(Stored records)
=======

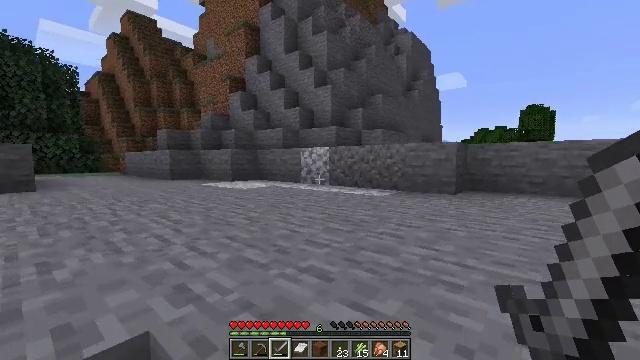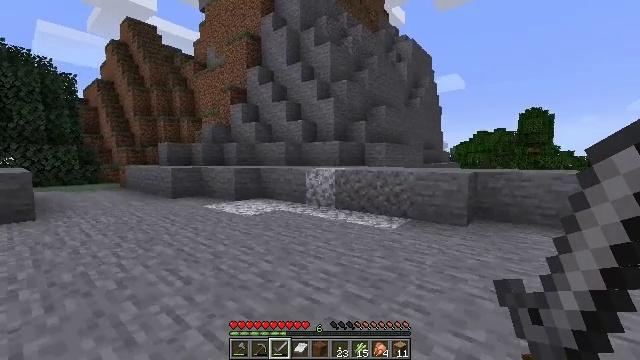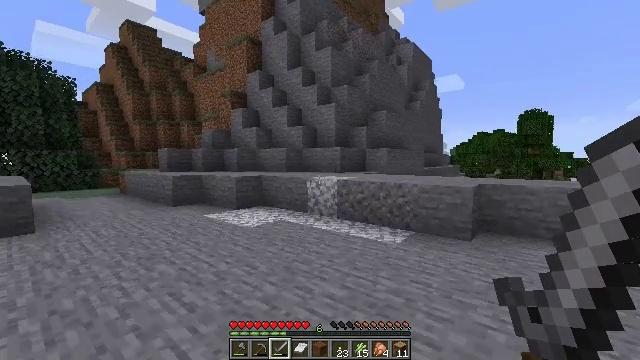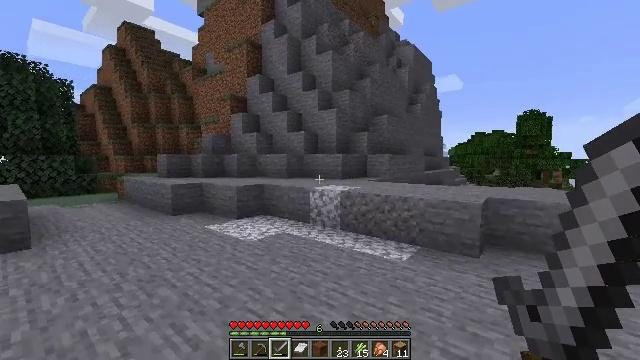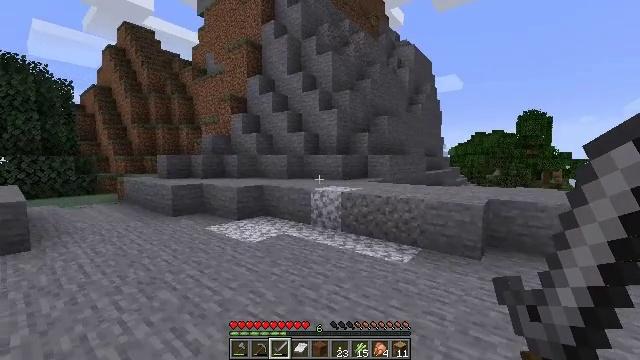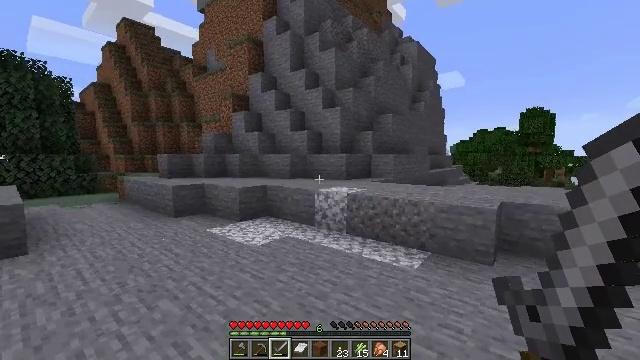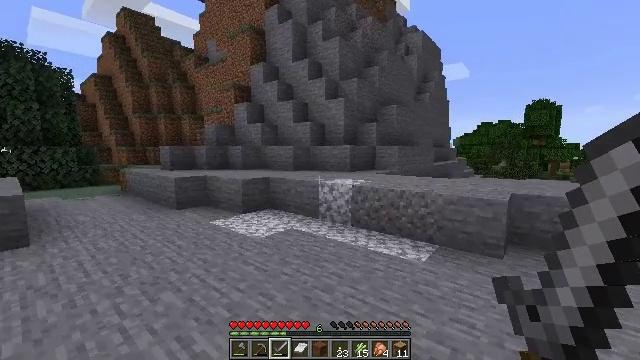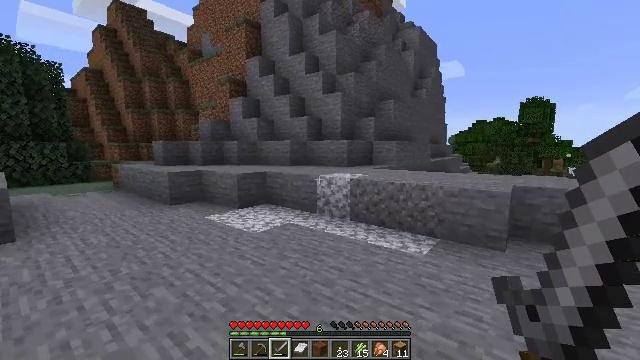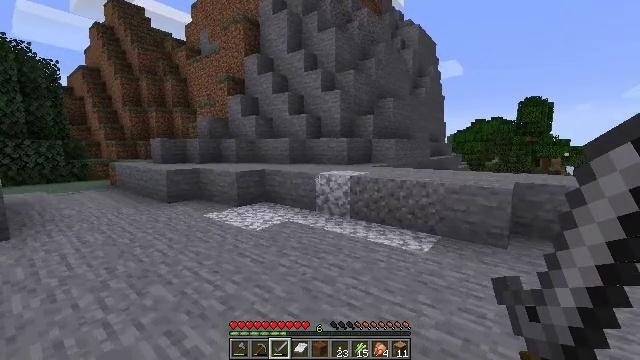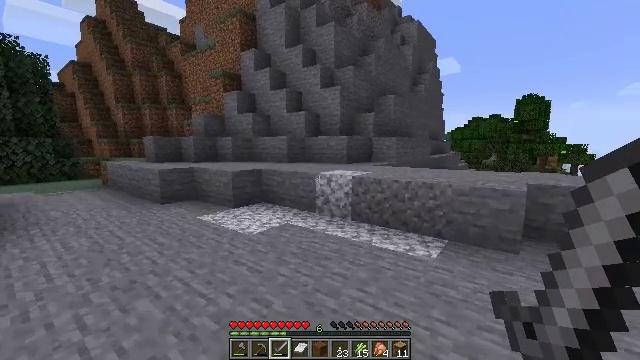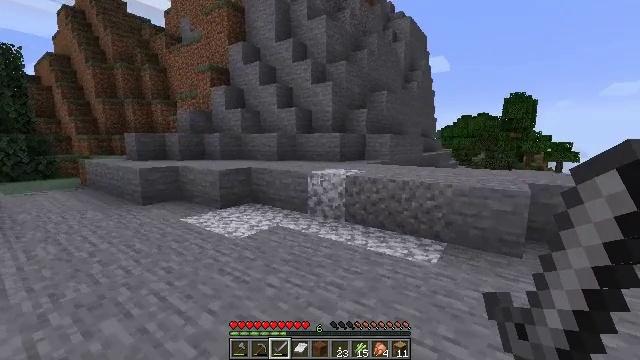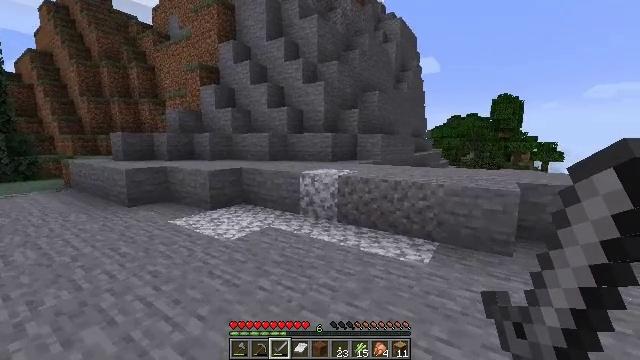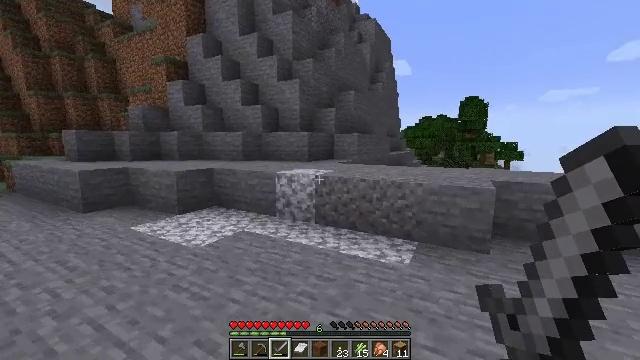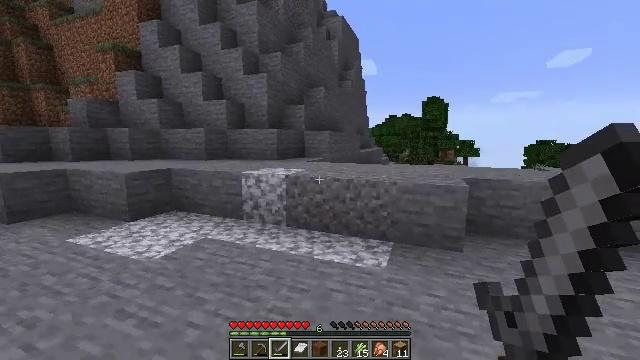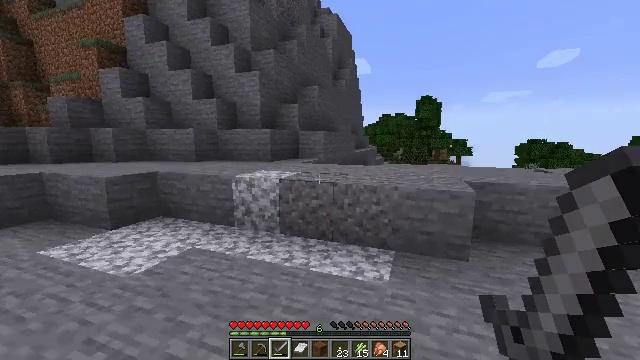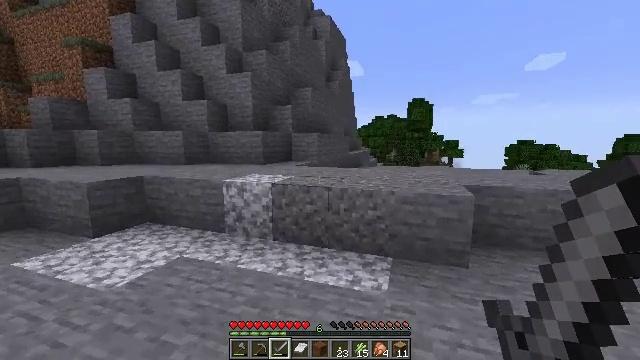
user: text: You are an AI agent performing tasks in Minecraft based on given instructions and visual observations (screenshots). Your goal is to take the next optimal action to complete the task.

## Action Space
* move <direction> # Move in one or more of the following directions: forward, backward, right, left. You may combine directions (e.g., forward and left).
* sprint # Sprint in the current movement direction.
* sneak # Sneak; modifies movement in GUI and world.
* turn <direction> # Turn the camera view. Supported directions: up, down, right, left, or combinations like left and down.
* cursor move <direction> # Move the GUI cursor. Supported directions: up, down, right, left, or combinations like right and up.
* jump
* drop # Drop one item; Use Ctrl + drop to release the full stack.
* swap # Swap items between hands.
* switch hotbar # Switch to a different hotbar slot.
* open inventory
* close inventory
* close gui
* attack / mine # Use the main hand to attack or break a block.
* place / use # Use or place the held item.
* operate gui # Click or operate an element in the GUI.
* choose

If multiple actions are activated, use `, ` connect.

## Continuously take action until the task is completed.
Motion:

=======

* Required work:
Reproduce the entries above exactly, but only the lines between the line holding "left and down." and the line holding "break a block.", inclusive.

* Result below:
* turn <direction> # Turn the camera view. Supported directions: up, down, right, left, or combinations like left and down.
* cursor move <direction> # Move the GUI cursor. Supported directions: up, down, right, left, or combinations like right and up.
* jump
* drop # Drop one item; Use Ctrl + drop to release the full stack.
* swap # Swap items between hands.
* switch hotbar # Switch to a different hotbar slot.
* open inventory
* close inventory
* close gui
* attack / mine # Use the main hand to attack or break a block.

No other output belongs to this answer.